= PROBLEM =
Below are records to repeat exactly. Omit the pictures from the copy.

[Data entries]
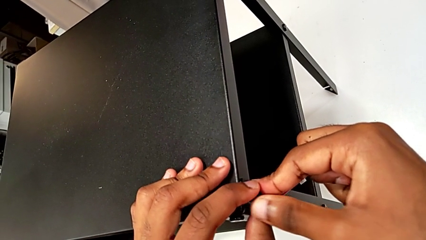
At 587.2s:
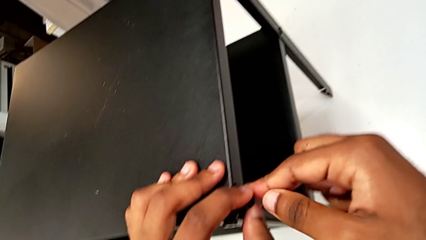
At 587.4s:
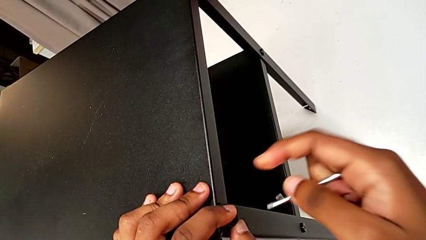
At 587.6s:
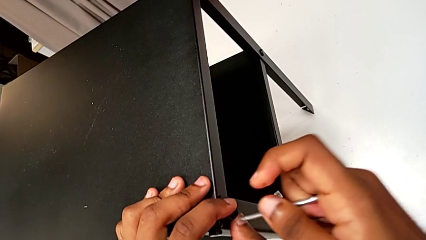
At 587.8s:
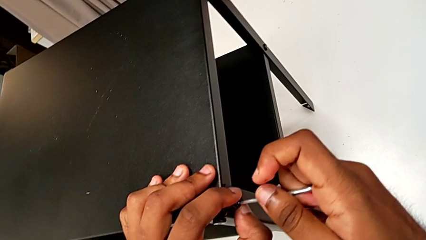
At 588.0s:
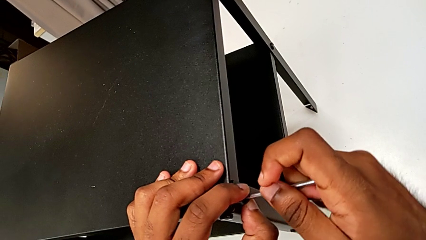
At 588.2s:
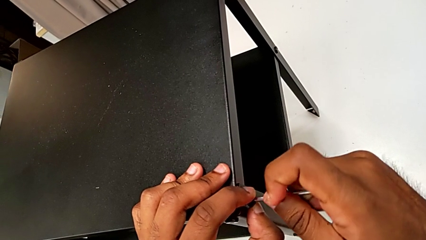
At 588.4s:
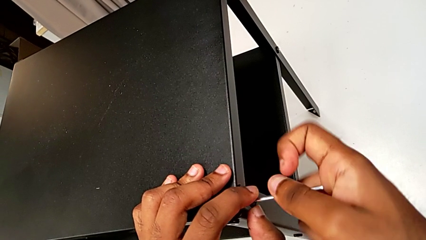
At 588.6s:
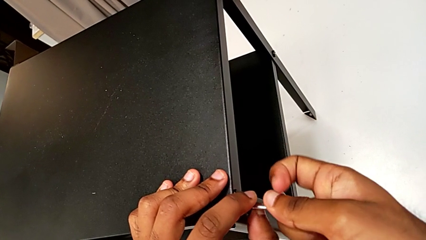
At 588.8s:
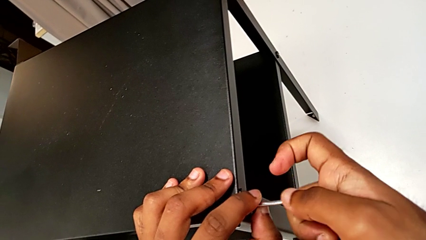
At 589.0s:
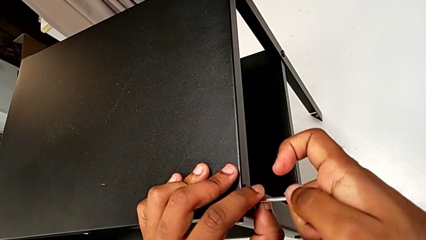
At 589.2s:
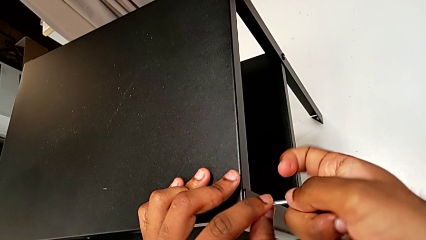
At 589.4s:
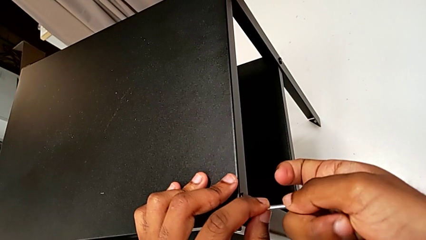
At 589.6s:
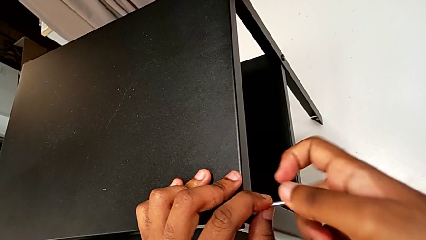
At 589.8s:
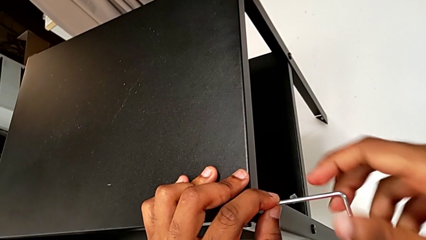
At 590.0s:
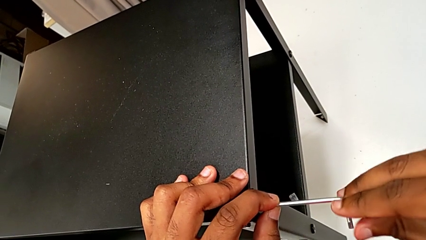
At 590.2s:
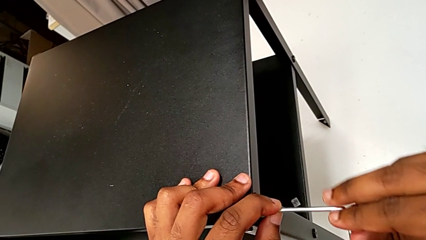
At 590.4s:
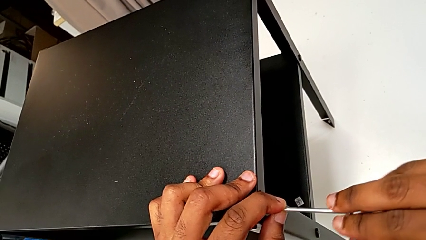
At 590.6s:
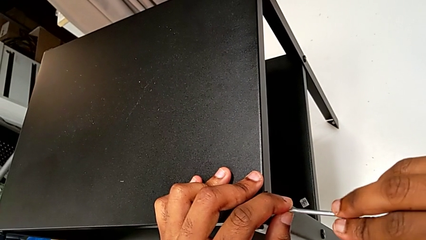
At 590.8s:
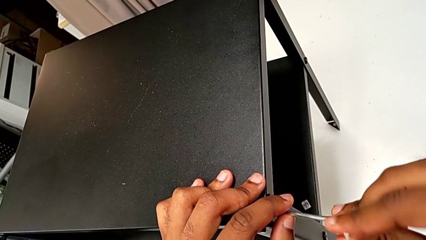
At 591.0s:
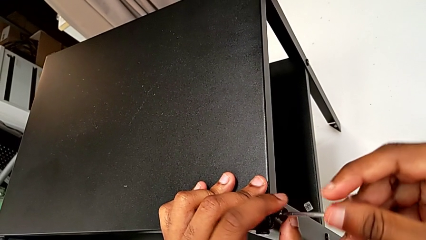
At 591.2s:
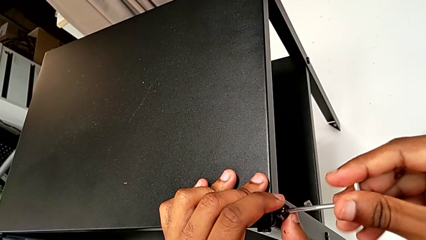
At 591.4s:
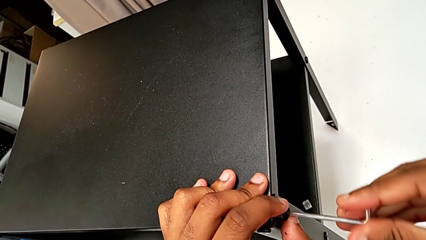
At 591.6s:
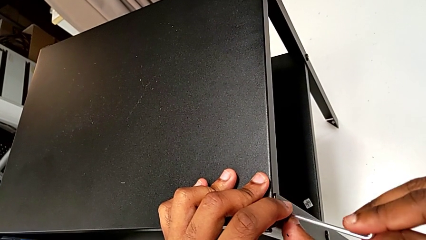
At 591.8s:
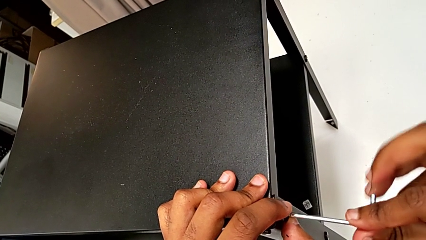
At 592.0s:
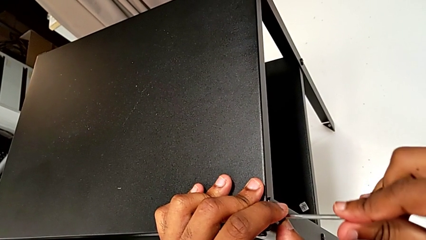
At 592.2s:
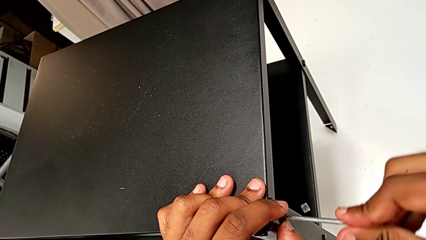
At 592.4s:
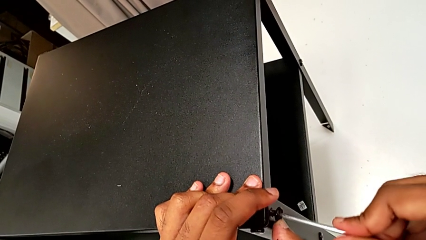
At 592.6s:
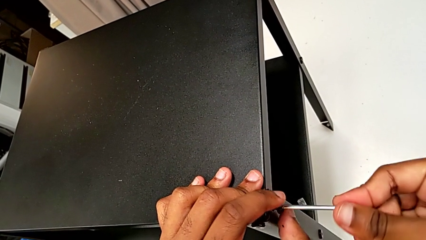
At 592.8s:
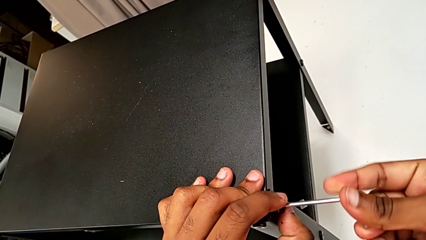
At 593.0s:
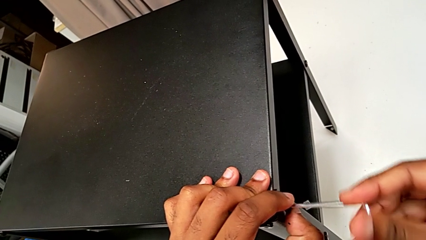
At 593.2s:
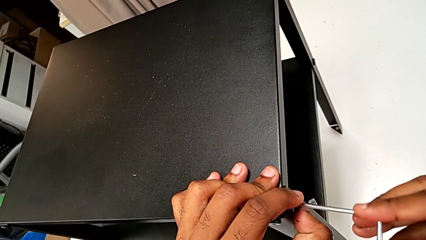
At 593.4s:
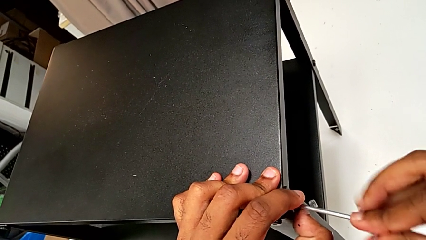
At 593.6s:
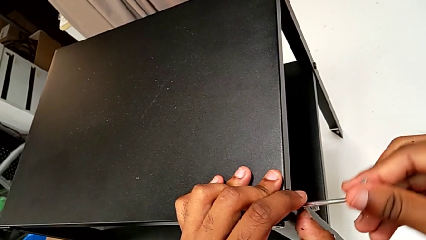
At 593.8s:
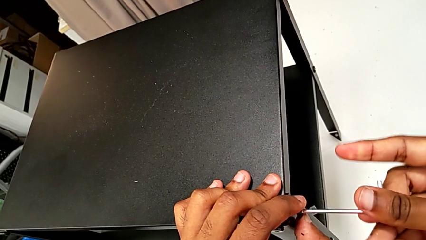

= RESULT FOR THIS EXERCISE =
At 587.2s:
At 587.4s:
At 587.6s:
At 587.8s:
At 588.0s:
At 588.2s:
At 588.4s:
At 588.6s:
At 588.8s:
At 589.0s:
At 589.2s:
At 589.4s:
At 589.6s:
At 589.8s:
At 590.0s:
At 590.2s:
At 590.4s:
At 590.6s:
At 590.8s:
At 591.0s:
At 591.2s:
At 591.4s:
At 591.6s:
At 591.8s:
At 592.0s:
At 592.2s:
At 592.4s:
At 592.6s:
At 592.8s:
At 593.0s:
At 593.2s:
At 593.4s:
At 593.6s:
At 593.8s:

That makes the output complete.